Compared to common QA benchmarks such as Llama Questions, Web Questions, or TriviaQA, HaluEvalAudio 1000 introduces more challenging questions and topics and is specifically structured for Retrieval-Augmented Generation **(RAG) evaluation**.
Deriveds from the [HaluEval dataset](https://aclanthology.org/2023.emnlp-main.397/), A key feature of the dataset is that it provides **ground-truth references** in text format.
This enables two complementary evaluation setups for RAG models: (1) End-to-End RAG, utilizing the model’s internal retrieval pipeline, and (2) Oracle-Aided Generation, where providing ground-truth context as an ablation study allows researchers to isolate retrieval quality from downstream generative performance.
---
## Dataset Summary
* **Source:** The `qa` subset of the HaluEval dataset.

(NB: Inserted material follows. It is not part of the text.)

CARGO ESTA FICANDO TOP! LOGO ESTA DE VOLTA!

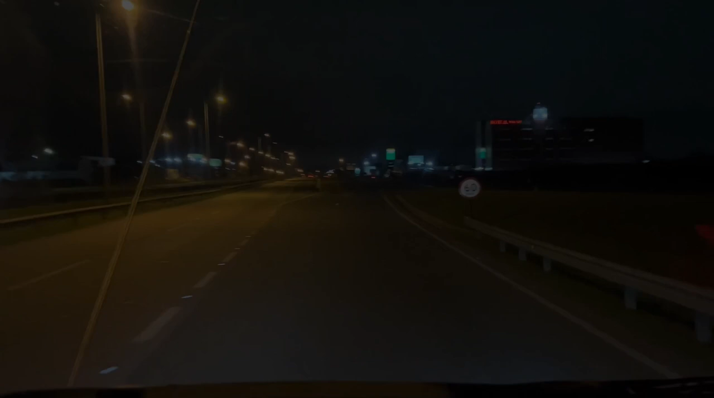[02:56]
Aí ó, graças a Deus deu boa
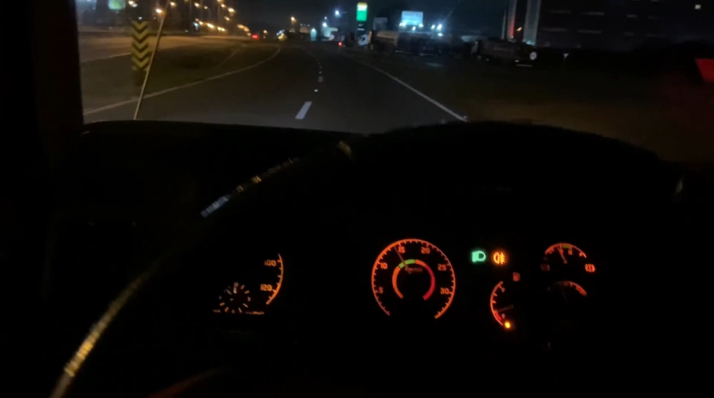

* **Total instances:** 1,000 WAV audio files synthesized with Kyutai's TTS model, with paired reference (knowledge) and ground-truth answers provided in textual format.
---
## Data Format
Each entry in the dataset contains the following fields:
- `audio`: The synthesized WAV file containing the spoken question.
- `text`: The text transcription of the `audio` question.
- `knowledge`: The ground-truth textual knowledge from the original HaluEval dataset.
- `answer`: The ground-truth textual answer from the original HaluEval dataset.
---
## Dataset Construction
We extract the first 1,000 instances from the `qa` subset of the HaluEval dataset.
We use Kyutai's multistream TTS model (the same model is used for generating MoshiRAG's training data, but with voices sampled from a different dataset), and randomly sample speaker voices from the [Common Voice](https://www.mozillafoundation.org/en/common-voice/) dataset to convert the textual questions into audio.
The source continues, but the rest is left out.